If you're an NRI holding ESOPs from an Indian company, here's how the entire process typically works, from ESOPs grant to sale and repatriation of the funds.
- Employers offer ESOPs at fixed price (also called exercise price) to its employees.
- To receive ESOPs, you need to stay with the company for a certain period, usually between 1 to 4 years. After this time, some or all of your stock options become available to use. These are called vested options.
- After vesting, you can choose to buy the shares at the price set by the company. It’s important to note that the difference between the market cost and the ESOP cost would be considered as income and be applicable to income tax.
For example, if you buy the share at INR 100 while the market price of that share is INR 500, the gain (500 -100 = INR 400) will be considered as income.
- You can sell the ESOPs anytime after the purchase, the gains from the sale will be applicable to capital gains tax in India.
Understand how ESOP taxation in India works and check the ESOP taxation rules that apply to your situation. A DBS Treasures NRI Savings Account can help you keep track of ESOP funds and support smooth repatriation.

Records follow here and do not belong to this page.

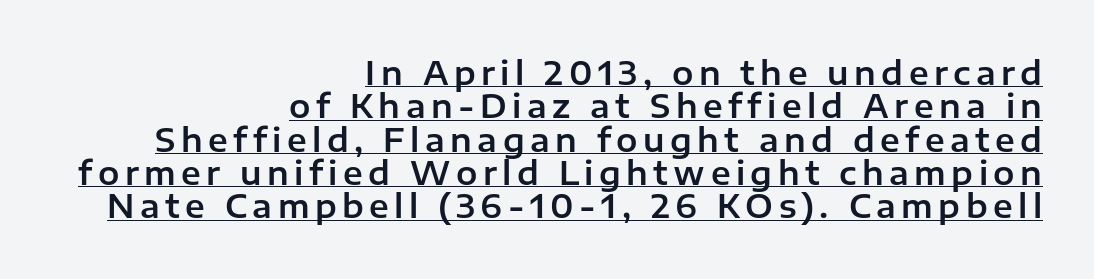
Q: Is the text italic (slanted)? A: No, it is upright.
Q: Is the typeface a serif or a sans-serif typeface? A: Sans-serif.
Q: Is the text underlined? A: Yes.
Q: How is the paragraph aligned? A: Right-aligned.
Q: Is the spacing between lines tight, normal or loose? A: Tight.
Q: Width (condensed, normal, or wide)? A: Normal.
Q: Stroke contrast? A: Low.
Q: x-height? A: Medium.
Q: Monospaced? A: No.
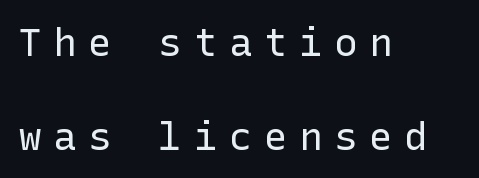
{"serif": "no", "italic": "no", "bold": "no", "weight": "regular", "width": "normal", "stroke_contrast": "low", "x_height": "medium", "underline": "no", "align": "left", "line_spacing": "loose", "line_spacing_ratio": 2.4, "letter_spacing": "wide", "letter_spacing_em": 0.3, "glyph_px": 39}

Taxation of ESOPs for NRIs in India
As an NRI, you will be taxed for ESOPs at two stages as per the ESOP taxation rules:
Tax at the Time of Exercise (Purchase ESOPs)
When you buy shares at the company's offer price, the difference from the market price is treated as taxable income. The taxability of ESOP under the Income Tax Act requires the employer to deduct TDS (tax at source) on this amount.
The taxation rate depends on the income tax slab in India for that financial year. For example, In India, INR 600 per share is taxable as income if the share's market price is INR 800 and your exercise price is INR 200.
Tax at the Time of Sale (When You Sell the Shares)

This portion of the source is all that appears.